面對高麗大軍,除了逃跑,而且還要比高麗大軍跑得快外,沒有任何辦法。
“上馬!”三娘子面色冷峻,牽着朱拂曉的手,然後二人齊齊上馬。
“走!”
薛已此時已經翻身上馬,遙遙的看着黑夜中那一道道潮流,二話不說轉身就走。
沒有人會傻到在這個時候螳臂當車。
高麗大軍絕不是衆人能招惹得起的!
前哨營向大本營奔馳而去,後方高麗大軍緊追不舍。
想走,已經遲了!
高麗既然想要夜襲大隋營地,又豈會沒有準備?怎麽會對眼前的各路哨兵大營沒有防備?
衆人才奔出五裏地,朱拂曉一雙眼睛掃過前方山林,忽然眉頭一皺,在那山林内不知何時出現了一大批隐匿的生命磁場。
“前方有埋伏!”朱拂曉心中閃過這個念頭,一時間心中念頭左右起伏不定,眼神裏露出了一抹凝重之色。
該不該出聲提醒?
此地距離那叢林尚且還有裏許,就連大高手薛已都沒有察覺到密林内的埋伏,他要是出聲提醒,豈非暴露了自家的本事?
可是看着身邊那一條條活生生的生命,那一張張緊張的面孔,他記得身邊那個十七八歲的少年,曾經替自己擋過一刀。
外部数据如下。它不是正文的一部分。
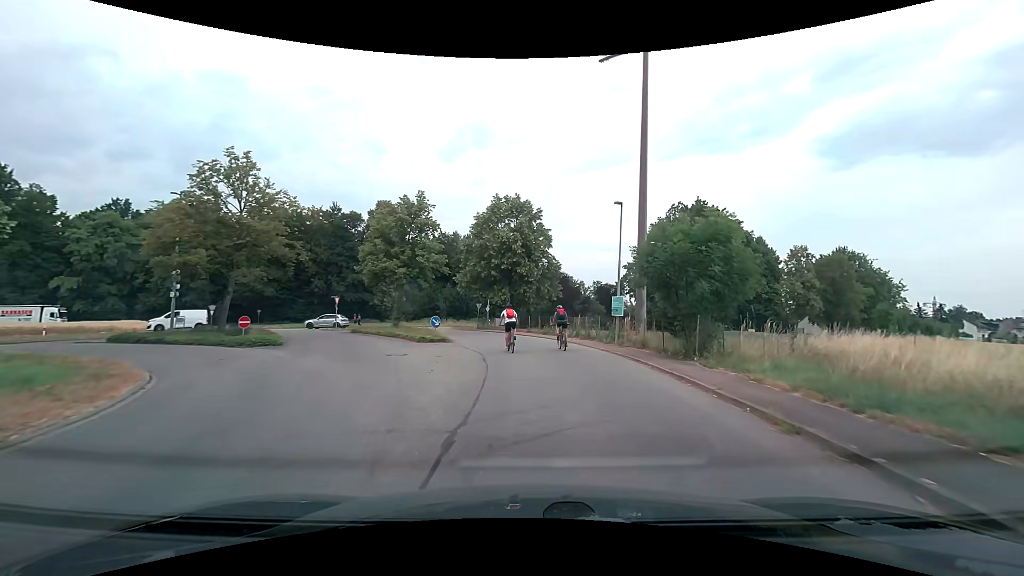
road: unclassified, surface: asphalt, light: Day
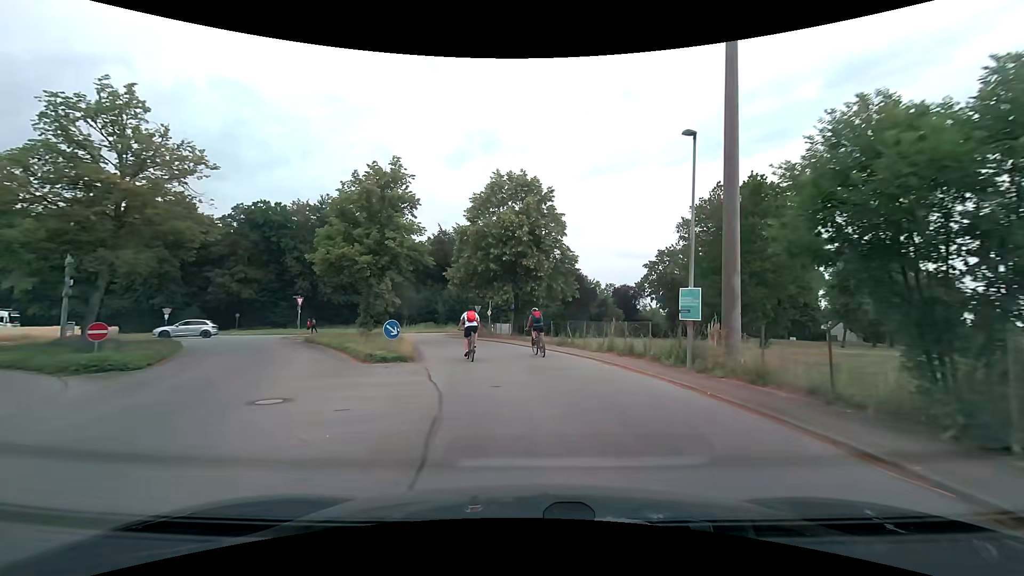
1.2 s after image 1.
(0.0, +9.1) m; 0°
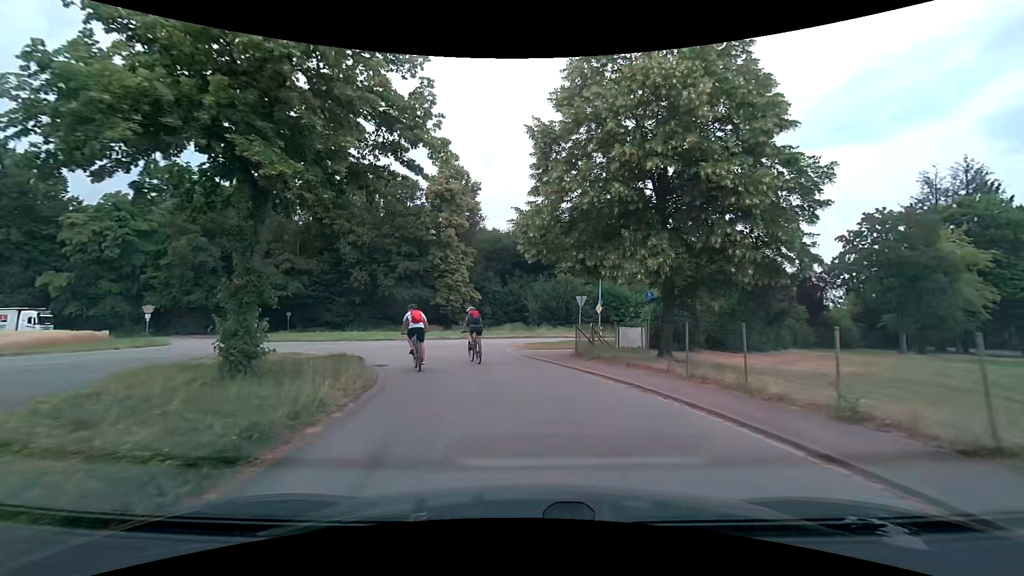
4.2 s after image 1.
(-1.9, +19.9) m; -12°
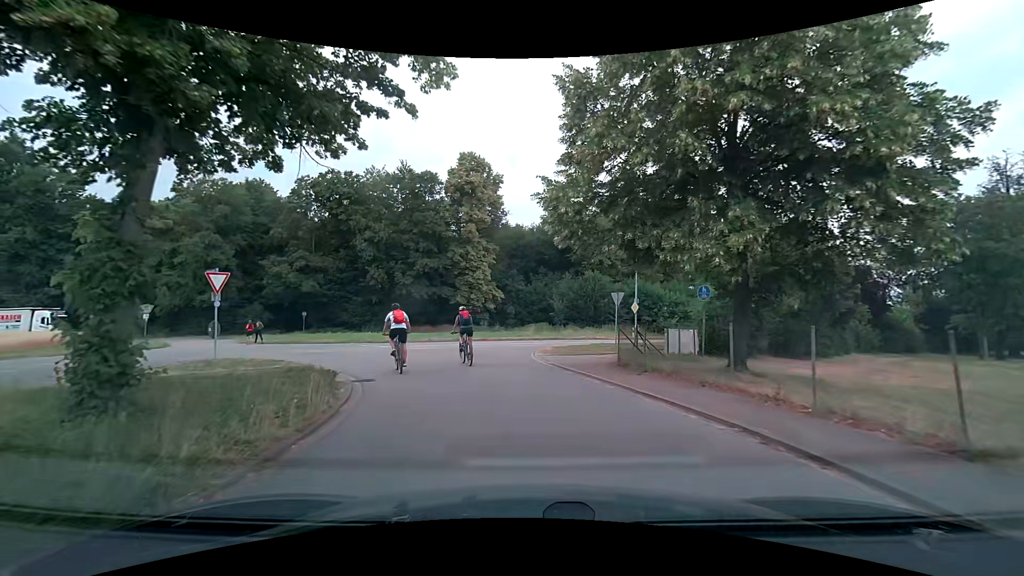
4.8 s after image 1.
(-0.1, +3.7) m; -2°
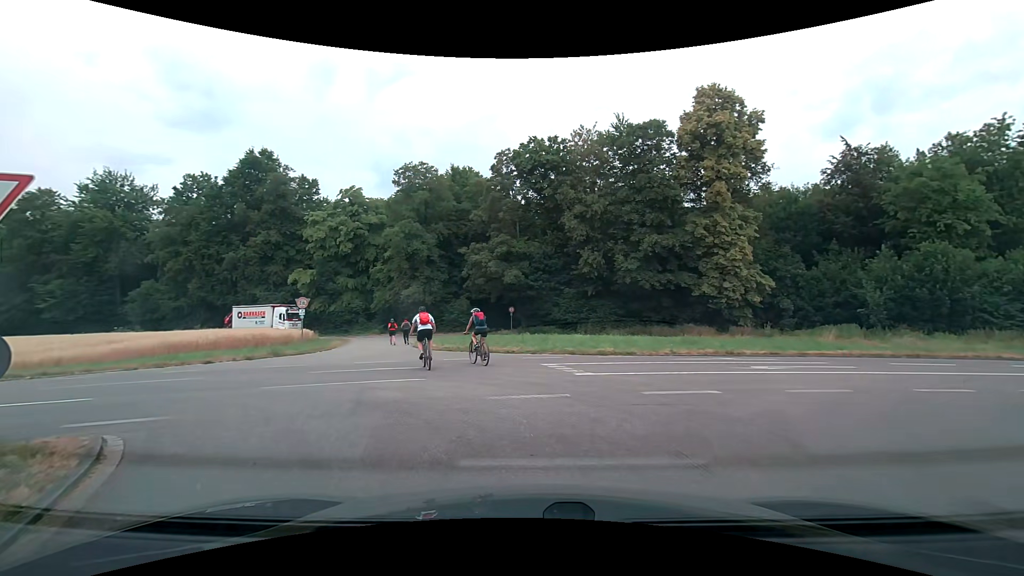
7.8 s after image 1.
(-2.8, +14.1) m; -26°
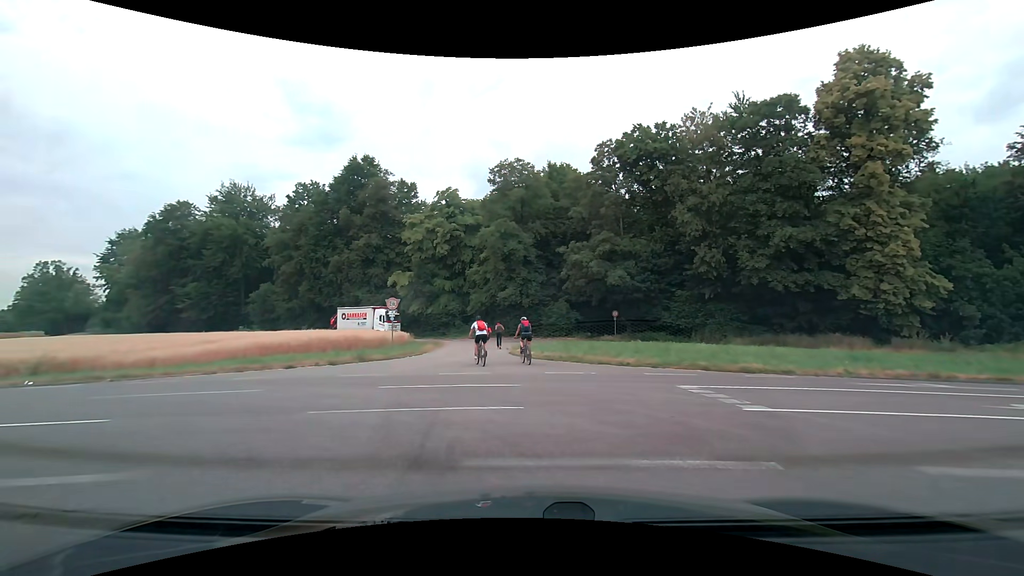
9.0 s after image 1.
(-0.4, +3.3) m; -12°
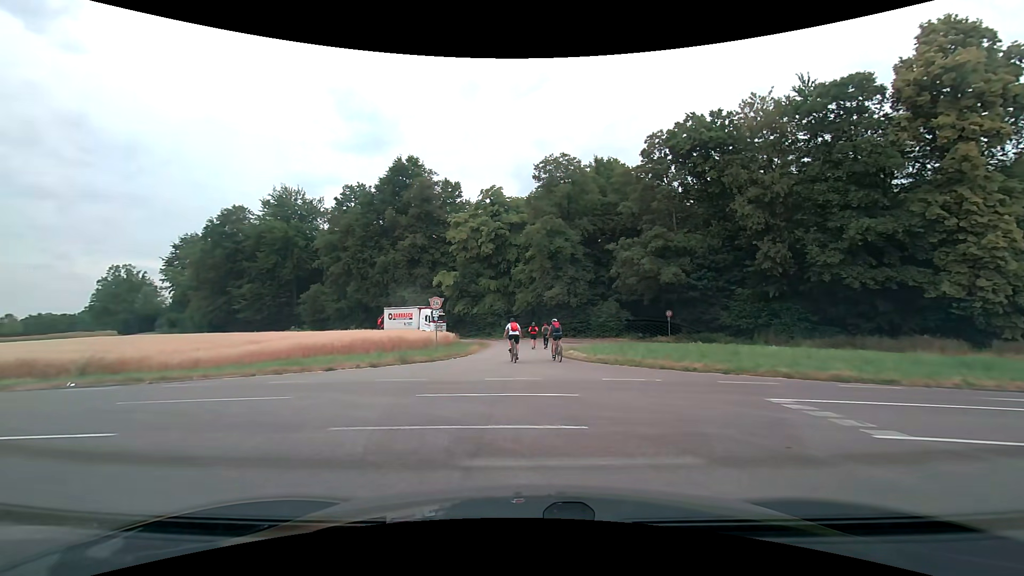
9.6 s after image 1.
(-0.1, +1.5) m; -6°
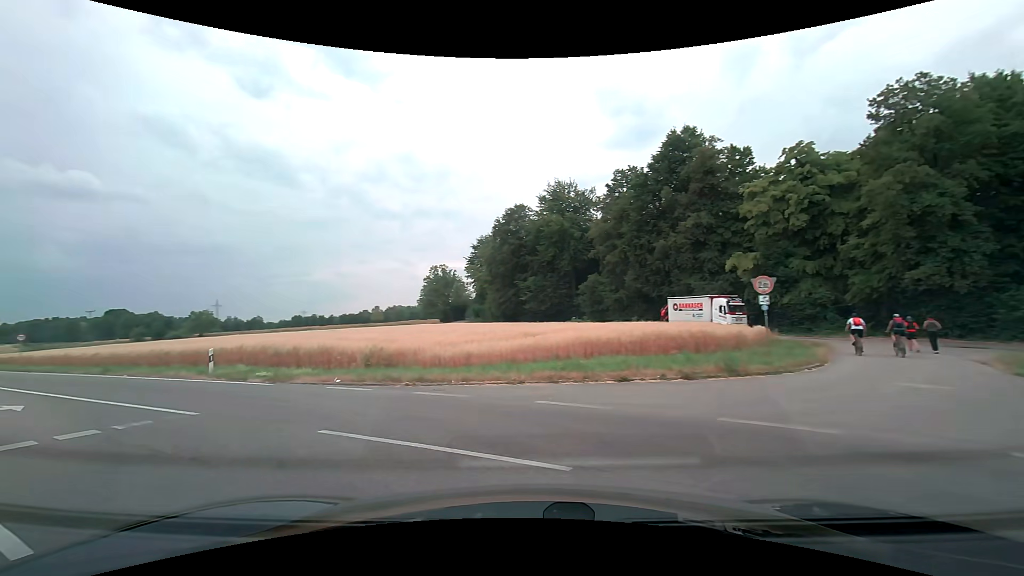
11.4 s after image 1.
(-1.7, +6.6) m; -29°
(-3, +9) (-10, +16) (-19, +22) (-27, +28) (-35, +33) (-43, +39) (-51, +45) (-59, +51) (-67, +57) (-75, +63) m

左邊那個大叔,也爲了讓自己逃命,将戰馬先給了自己。
同袍之情啊!
“大将軍,高麗忽然襲營,斷不可沒有任何準備,前方或許有埋伏。”朱拂曉開口提醒了一句。
薛已策馬狂奔,耳邊呼嘯卷起,聽聞朱拂曉的話,不由得哈哈大笑:“朱公子,你卻是不知,咱們各大哨兵營将高麗所有能偷襲的關卡,盡數都牢牢監控住。任憑那高麗大軍在如何準備,也絕不會出現在咱們的後方。”
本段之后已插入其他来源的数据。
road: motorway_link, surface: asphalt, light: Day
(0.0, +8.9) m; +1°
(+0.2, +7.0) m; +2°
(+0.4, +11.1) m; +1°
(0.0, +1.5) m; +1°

“是嗎?”朱拂曉心中稍安,或許朝廷早就聽聞高麗要偷襲大營,所以暗中設了埋伏也說不定。
沒準前方是自己的人。
“轟~”馬蹄聲響,老馬識途,徑直沖入了密林内,然後接着便是鋪天蓋地的箭矢聲響鳥雀驚飛,一道道慘叫劃破密林。
“小心!”
三娘子直接縱身躍起,自馬上跳開,直接撲在了朱拂曉的身上,二人猶若是狸貓般滾下了戰馬。
這一切發生的實在是太快,近乎于電光火石之間,襲擊便已經開始了。
來到大營幾個月,一直都是朱拂曉襲擊别人,這一次他終于知道被人攢射的滋味了。